MONTREAL, Dec. 17, 2024 (GLOBE NEWSWIRE) — Prime Drink Group Corp. (CSE: PRME) (“Prime” or the “Company”) is pleased to announce a best efforts non-brokered private placement offering of units of the Company (the “Units”) to raise maximum gross proceeds of $5,000,000 (the “Unit Offering”).
Each Unit will be offered at a price of $5,000 per Unit and is comprised of 20,000 common shares in the capital of the Company (the “Common Shares”) and 19,230 transferable share purchase warrants (the “Warrants”), resulting in the aggregate issuance of a maximum of 20,000,000 Common Shares issued at a deemed price per share of $0.25 and a maximum of 19,230,769 Warrants. Each Warrant entitles the holder to purchase a Common Share at a price of $0.26 per Common Share for a period of two (2) years from the closing date of the Unit Offering.
The Company will pay a cash finders’ fee in connection with the closing of the Unit Offering equal to 6% of the proceeds received by the Company from subscribers to the Unit Offering introduced to the Company by such arm’s length finders.
The Units were offered by way of private placement pursuant to exemptions from prospectus requirements under applicable securities laws. The securities underlying the Units issued pursuant to the Unit Offering are subject to resale restrictions, including a hold period of four months and one day from the date of issuance, in accordance with applicable Canadian securities laws. The Unit Offering is subject to the final approval of the Canadian Securities Exchange and any other applicable regulatory approvals.
The Company intends to use the net proceeds of the Unit Offering to develop its business and for general working capital purposes.
About Prime Drink Group
Prime Drink Group Corp (CSE: PRME) is a Québec-based corporation focused on becoming a leading diversified holding company in the beverage, influencer media and hospitality sectors.
NOT FOR DISTRIBUTION TO UNITED STATES WIRE SERVICES OR DISSEMINATION IN THE UNITED STATES. THIS NEWS RELEASE DOES NOT CONSTITUTE AN OFFER TO SELL OR A SOLICITATION OF AN OFFER TO BUY ANY OF THE SECURITIES IN THE UNITED STATES. THE SECURITIES HAVE NOT BEEN AND WILL NOT BE REGISTERED UNDER THE UNITED STATES SECURITIES ACT OF 1933, AS AMENDED (THE “U.S. SECURITIES ACT”) OR ANY STATE SECURITIES LAWS AND MAY NOT BE OFFERED OR SOLD WITHIN THE UNITED STATES OR TO U.S. PERSONS UNLESS REGISTERED UNDER THE U.S. SECURITIES ACT AND APPLICABLE STATE SECURITIES LAWS OR AN EXEMPTION FROM SUCH REGISTRATION IS AVAILABLE. THIS NEWS RELEASE DOES NOT CONSTITUTE AN OFFER OR SALE OF SECURITIES IN THE UNITED STATES.

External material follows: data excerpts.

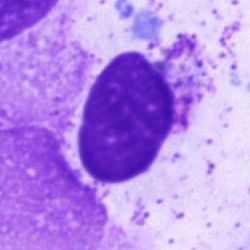Morphological class = artefact.
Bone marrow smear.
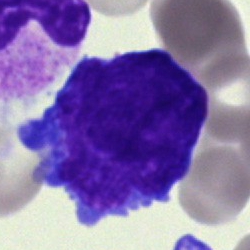Blast cell.
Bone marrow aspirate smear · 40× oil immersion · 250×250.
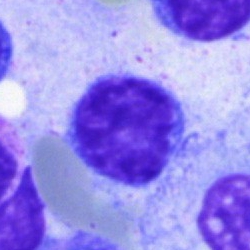

Lymphocyte.
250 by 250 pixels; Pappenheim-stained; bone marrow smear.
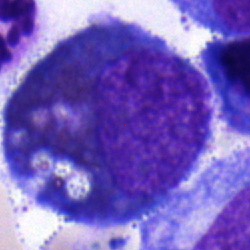

Q: What is the morphological classification of this cell?
A: This is an eosinophil.
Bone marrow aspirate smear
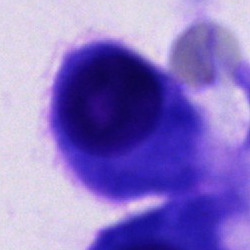
This is a cell not matching the other categories.
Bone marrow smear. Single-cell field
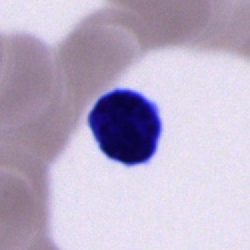

Morphology → typical lymphocyte.
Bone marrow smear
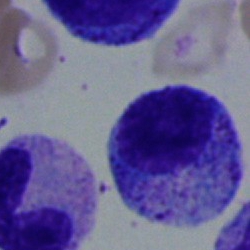

Cell type = myelocyte.

For further information, please contact:
Jean Gosselin, Secretary
Phone: (514) 394-7717
Email: [email protected]
Forward-Looking Information
This press release contains “forward-looking information” within the meaning of applicable Canadian securities legislation. Generally, forward-looking information can be identified by the use of forward-looking terminology such as “plans”, “expects” or “does not expect”, “is expected”, “budget”, “scheduled”, “estimates”, “forecasts”, “intends”, “anticipates” or “does not anticipate”, or “believes”, or variations (including negative and grammatical variations) of such words and phrases or statements that certain acts, events or results “may”, “could”, “would”, “might” or “will be taken”, “occur” or “be achieved”. Forward-looking information in this press release may include, without limitation, statements relating: (i) to the completion of the Unit Offering, (ii) the issuance of the underlying securities, (iii) receipt of all necessary approvals for the Unit Offering, and (iv) the intended use of proceeds of the Unit Offering.
These statements are based upon assumptions that are subject to significant risks and uncertainties, including risks regarding the beverage industry, the Unit Offering is completed as currently contemplated, all regulatory approvals are received for the Unit Offering, market conditions, general economic factors, and the equity markets generally. Because of these risks and uncertainties and as a result of a variety of factors, the actual results, expectations, achievements or performance of Prime may differ materially from those anticipated and indicated by these forward-looking statements. Any number of factors could cause actual results to differ materially from these forward-looking statements as well as future results. Although Prime believes that the expectations reflected in forward-looking statements are reasonable, they can give no assurances that the expectations of any forward-looking statements will prove to be correct. Except as required by law, Prime disclaims any intention and assumes no obligation to update or revise any forward-looking statements to reflect actual results, whether as a result of new information, future events, changes in assumptions, changes in factors affecting such forward-looking statements or otherwise.
Neither the Canadian Securities Exchange nor its Regulation Services Provider accepts responsibility for the adequacy or accuracy of this release.